WASHINGTON, DC — The survival benefit for contralateral prophylactic mastectomy among women who do not have aBRCA gene mutation is less than 1% at 20 years, a new computer model suggests.
"We hope that by providing women with accurate and easily understood information about the potential benefits of contralateral prophylactic mastectomy, this may impact current trends," said Pamela Portschy, MD, from the University of Minnesota in Minneapolis.
These findings, which come at a time of increasing demand for the procedure by women with cancer in one breast, were presented here at the American College of Surgeons 2013 Annual Clinical Congress.
"This model provides long-term survival information to physicians and their patients when discussing breast cancer risk-reduction strategies," Dr. Portschy explained.
Her team used published data to compare the risks for contralateral breast cancer and mortality with and without prophylactic mastectomy in women 40 to 60 years of age with early-stage breast cancer and without the high-risk BRCA mutation. The analysis took age, breast cancer stage (I or II), and estrogen-receptor status into account.
Gains in life expectancy with prophylactic mastectomy ranged from less than 1 month in a 60-year-old woman with estrogen-receptor-positive, stage II breast cancer, to 6.3 months in a 40-year-old with estrogen-receptor-negative stage I disease.
The absolute overall difference in survival at 20 years ranged from 0.36% to 0.94% for the 2 patient groups.
For the majority of women, there is not a good oncological reason to do a prophylactic mastectomy," study discussant Isabelle Bedrosian, MD, from the University of Texas M.D. Anderson Cancer Center in Houston, told Medscape Medical News. "The risk of cancer in the other breast is low, there are alternative options other than surgery for many women, and in many instances, there are other causes of mortality that are greater than breast cancer," she said.
But, Dr.
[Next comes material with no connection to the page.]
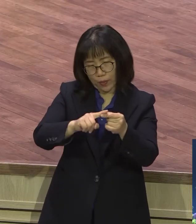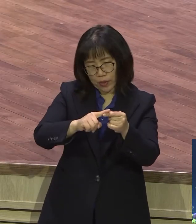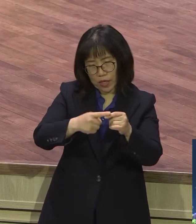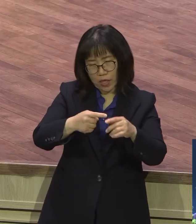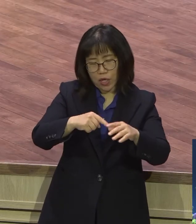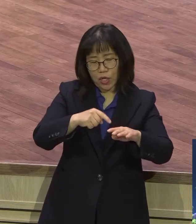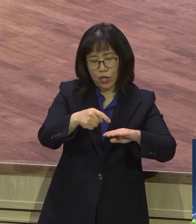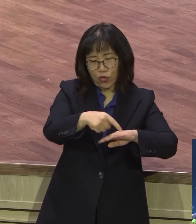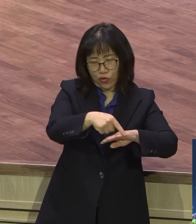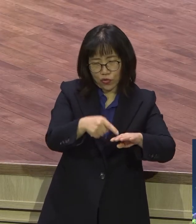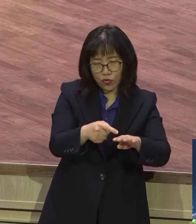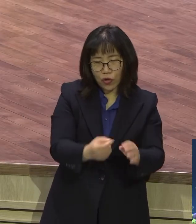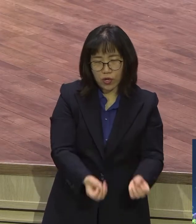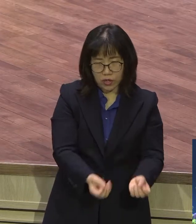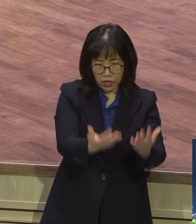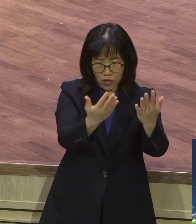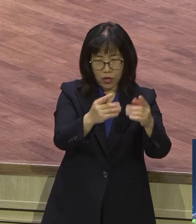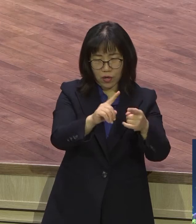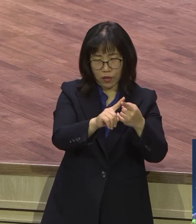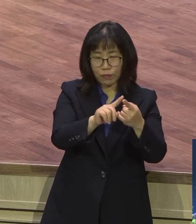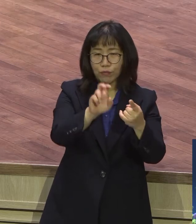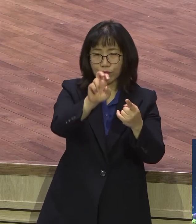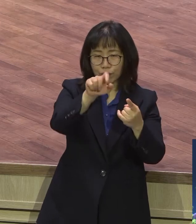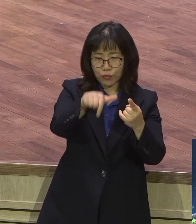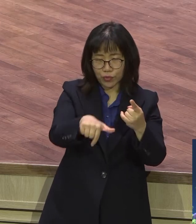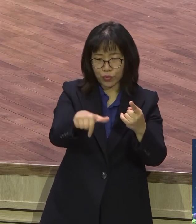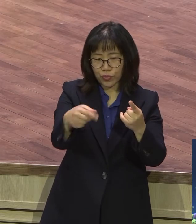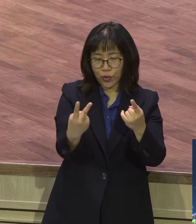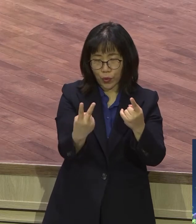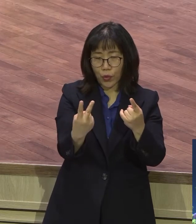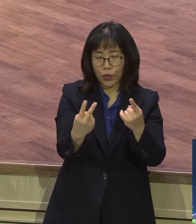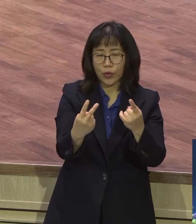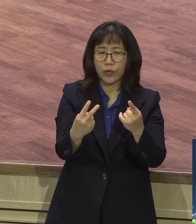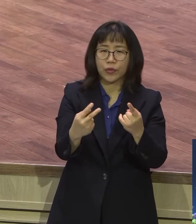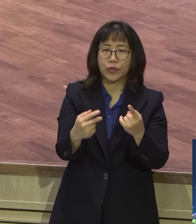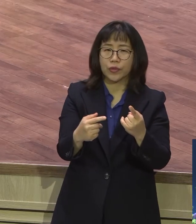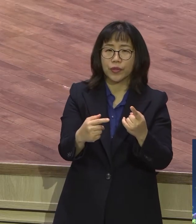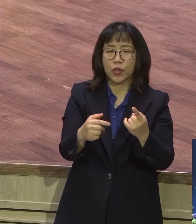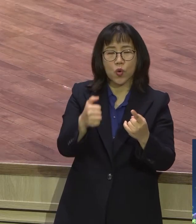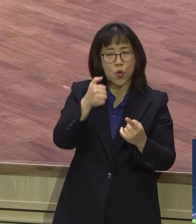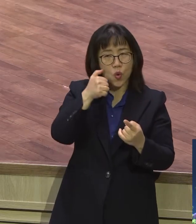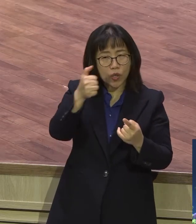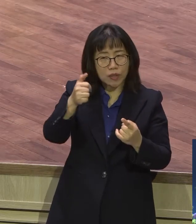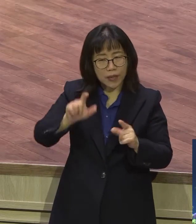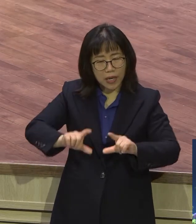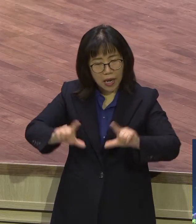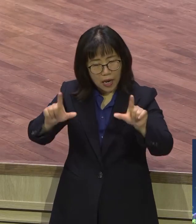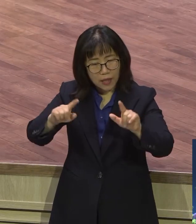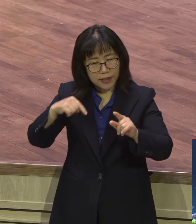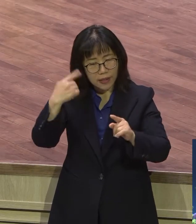무교절과 무교절을 부터 오십일게 되는 날이라 그래서 오순절

Bedrosian added, one limitation of the study is that it didn't take into account factors such as comorbidities and family history of breast cancer, which also influence a patient's risk calculation.
Speaking to reporters, Todd Tuttle, MD, chief of surgical oncology at the University of Minnesota, said that approximately 20% of women in the United States who have cancer in one breast undergo double mastectomies. This is a dramatic increase from about 1% in the 1990s, he said during a news conference.
Possible reasons for the increase, Dr. Tuttle noted, include improved mastectomy and breast reconstruction techniques, awareness of genetic breast cancer, and publicity about celebrities who undergo the procedure. However, "we're also concerned that women have misperceptions about their risk of contralateral breast cancer and the potential survival benefits of having both breasts removed," he added.
Misperceptions
Dr. Tuttle explained that previous data from his group suggest that women without the BRCA mutation estimate their risk to be about 30% to 40% at 10 years, which is the risk for women with the BRCA mutation. In fact, the risk without the mutation is only 4% to 5%.
He added that it's important to distinguish between a patient who has just been diagnosed with breast cancer and someone like Angelina Jolie, who has theBRCA mutation but does not have cancer. "She had a long time to decide what to do," he pointed out. "If you don't have breast cancer but you have the mutation, you have time. But generally women with a diagnosis of breast cancer don't have that luxury."
"I still do a lot of double mastectomies, but I hope that my patients are informed," Dr. Tuttle said.
"I do point out to my patients there's really no need to do this," Dr. Bedrosian told Medscape Medical News. "In some cases, that registers and in many cases it doesn't. We respect patient choices and patient autonomy. If they ultimately choose prophylactic mastectomy after much discussion and review, we move forward."
She added that "there's clearly a disconnect between rational decision-making and emotional decision-making. That's a hard thing for the medical profession to overcome with just a conversation about the data. I think we need to explore more structured conversations, and perhaps better tools like decision aids, which have been shown to be an important adjunct to help patients make more reasoned decisions. I think that's what we really need to explore to better align the data with patient choice."
Dr. Portschy, Dr.Bedrosian, and Dr.Tuttle have disclosed no relevant financial relationships.
American College of Surgeons (ACS) 2013 Annual Clinical Congress. Presented October 7, 2013.